**Records supplied**
------------------------------------------------------------------------
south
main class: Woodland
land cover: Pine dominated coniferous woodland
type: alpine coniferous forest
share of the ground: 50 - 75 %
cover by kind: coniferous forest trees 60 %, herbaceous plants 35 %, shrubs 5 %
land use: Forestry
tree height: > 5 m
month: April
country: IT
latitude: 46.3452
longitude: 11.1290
------------------------------------------------------------------------
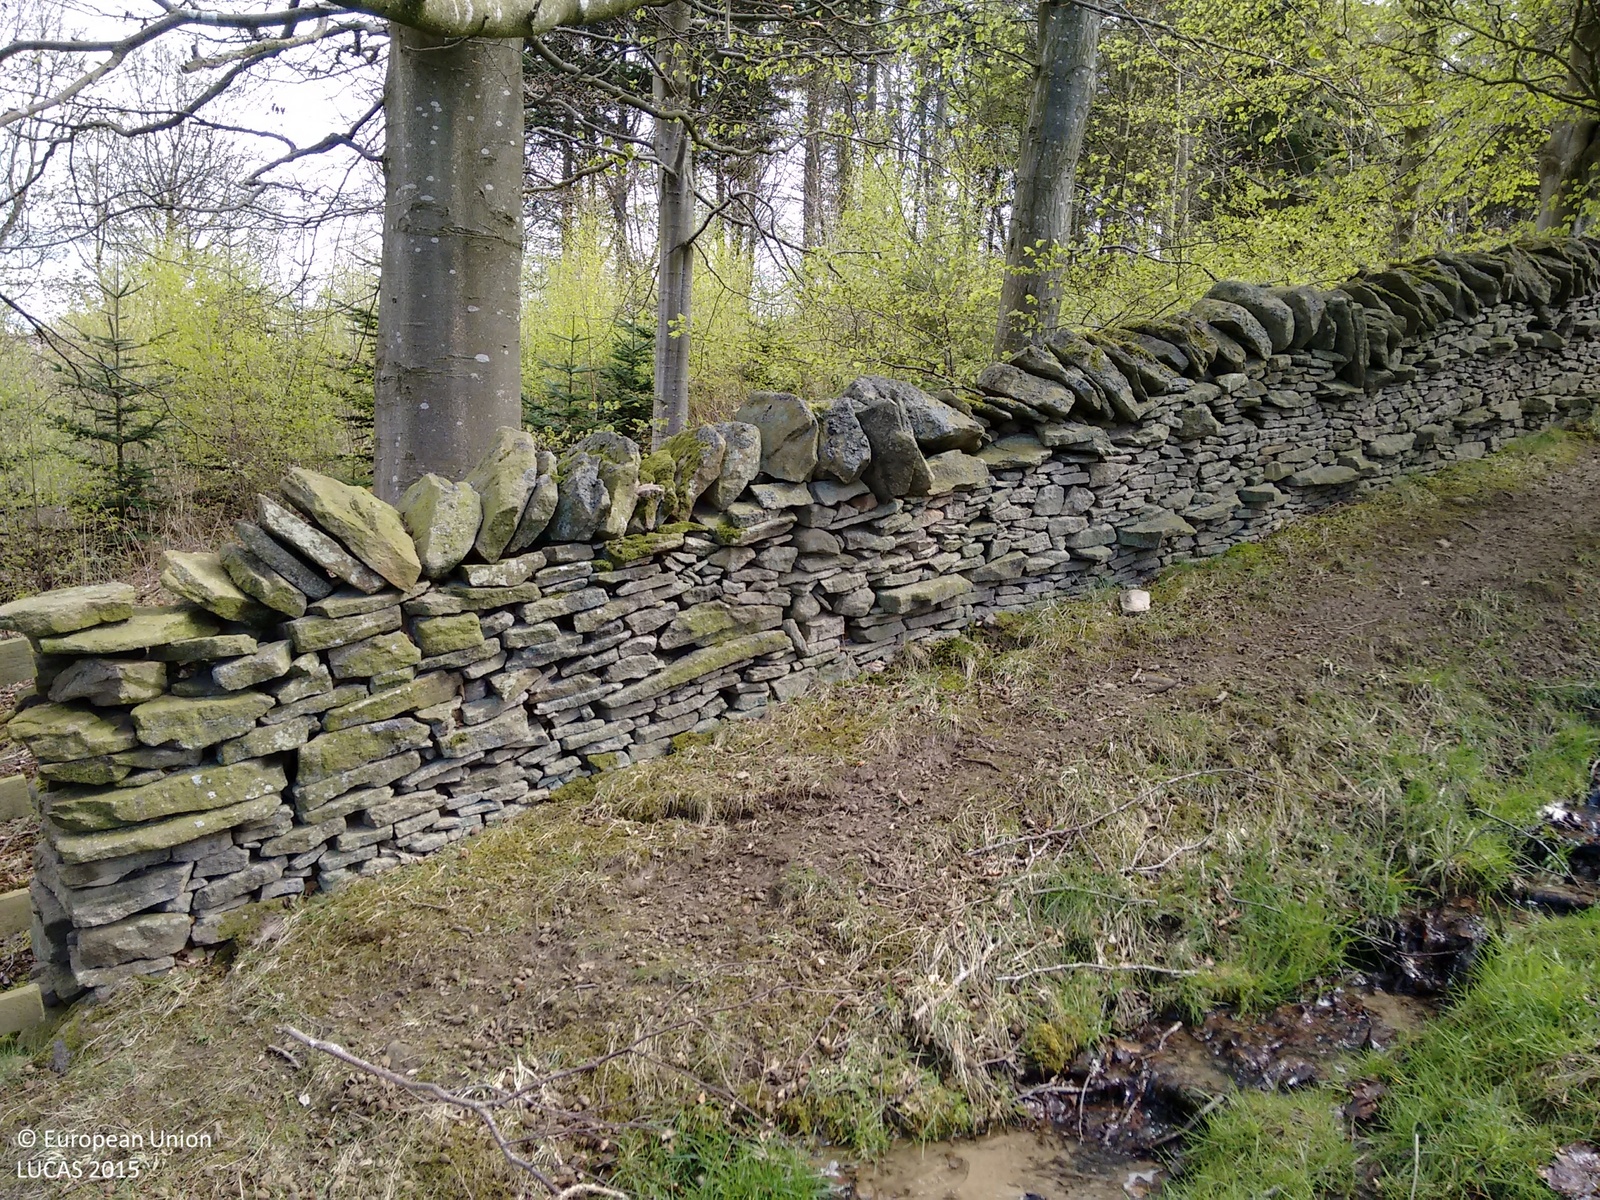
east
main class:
------------------------------------------------------------------------
From the entries above, give again exactly the lines running from the line with "share of the ground: 50 - 75 %" to the line with "longitude: 11.1290"; include both of those lines.

share of the ground: 50 - 75 %
cover by kind: coniferous forest trees 60 %, herbaceous plants 35 %, shrubs 5 %
land use: Forestry
tree height: > 5 m
month: April
country: IT
latitude: 46.3452
longitude: 11.1290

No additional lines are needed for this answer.